NOAA Teacher at Sea
Onboard NOAA Ship Oscar Dyson
July 11 – 29, 2007
Mission: Summer Pollock Survey
Geographical Area: North Pacific, Alaska
Date: July 28, 2007
Weather Data from Bridge
Visibility: 10 nm (nautical miles)
Wind direction: 240° (SW)
Wind speed: 10 knots
Sea wave height: 3 foot
Swell wave height: 0 feet
Seawater temperature: 8.6 °C
Sea level pressure: 1020.5 mb (millibars)
Air Temperature: 0°C
Cloud cover: 8/8, Stratus
Creature at Sea: Roy holds a sea pen
Science and Technology Log: Wrap Up
The Echo Integration-Trawl Survey of Walleye Pollock closed the season with a total of 74 Aleutian wing trawls (AWT mid-water trawls), 19 bottom trawls, 27 Methot trawls (plankton) and 81 ConductivityTemperature-Depth Sensor Package deployments (CTD water quality checks) collecting a wealth of biological and physical oceanographic data. The crew and scientists are excited to be headed back to shore but also there is a good feeling regarding the mission of the trip and the validity of the data collection. Of the 50,840 Kg of fish netted more then half was caught in the 44 AWT mid-water trawls executed this third leg of the survey. During this time we took the length of 16,761 individual pollock and identified 19 other species of fish.I spent some time looking at graphs of preliminary data to try and make sense of what was accomplished from the work done during the sail. This past winter had a higher incidence of sea ice relative to the previous years. Generally the colder and saltier the water, the greater the density and the deeper it sinks. Although this concept was illustrated in salinity measurements at different depths (deeper being saltier) we found this not to be true when looking at temperature profiles.
In the sea, deeper does not always mean colder. The Bering shelf is influenced by more than one current system and we found the data taken from the northern parts of the transect along the shelf had colder water than the southern areas as expected but along the slope near the edge of the deep basin the water remained consistently warmer relative to the shelf water despite the latitude change, rarely dipping below 1°C. Generally, we found colder water near the bottom of the shelf between 50 and 100 meters then we did near the bottom of the deeper slope at 200 meters or more. This is mainly due to ice melt in the northern latitudes slowly moving cold water along the bottom of the shelf, where as the deep basin and slope are influenced by slightly warmer currents moving northwest from the Aleutian chain. As a teacher working on the water in the east I came out here assuming the deep areas would be colder but instead I was schooled on currents and their influence on water temperatures.

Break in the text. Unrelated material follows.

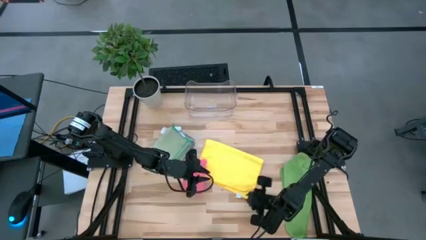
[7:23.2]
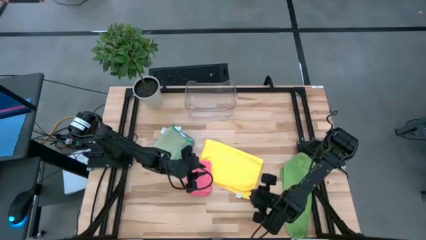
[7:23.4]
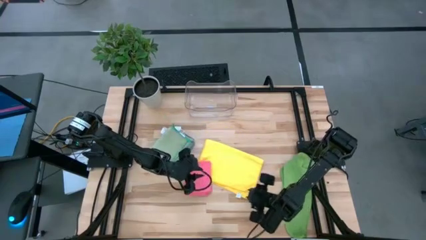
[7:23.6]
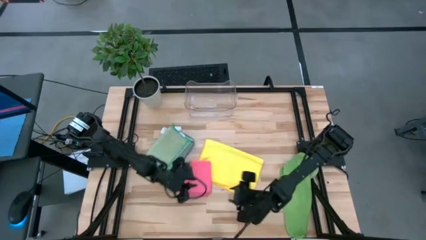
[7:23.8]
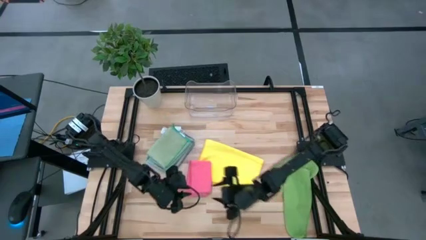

Leg 3 Transects of Pollock Survey Area: Fish symbols indicate trawl locations. Circles represent CTD readings and diamonds represent the line between Russian and US fishing grounds.
Through much of the cruise the lead scientists on shift spend enormous amounts of time monitoring the acoustic signal (echograms) from sounds waves beamed below the ship. When they find a significant mass of pollock they often would take a sample – go fishing. Using patterns on computer monitors scientists are able to hypothesize which signals indicate pollock. Both the length data taken from measuring fish and the acoustic estimates are used to come up with biomass numbers. In the echogram in figure 3 there is what appears to be a signal indicating mixed size pollock. We know that pollock schools tend to be homogeneous with respect to age and size. The strong blue layer at the top of the echogram represents plankton near the surface and in this instance the fish are mostly near the bottom with larger fish indicated in blue and more evenly dispersed, while dense schools of small fish show up as odd shaped clumps with lighter colors. When we sampled this water we found this to be true; we observed two groups of pollock, large adults and small two year old juveniles. The data in Figure 4 (histogram lengths) shows the two size groups. Cannibalism may be part of the reason the smaller fish stick together in separate densely packed schools.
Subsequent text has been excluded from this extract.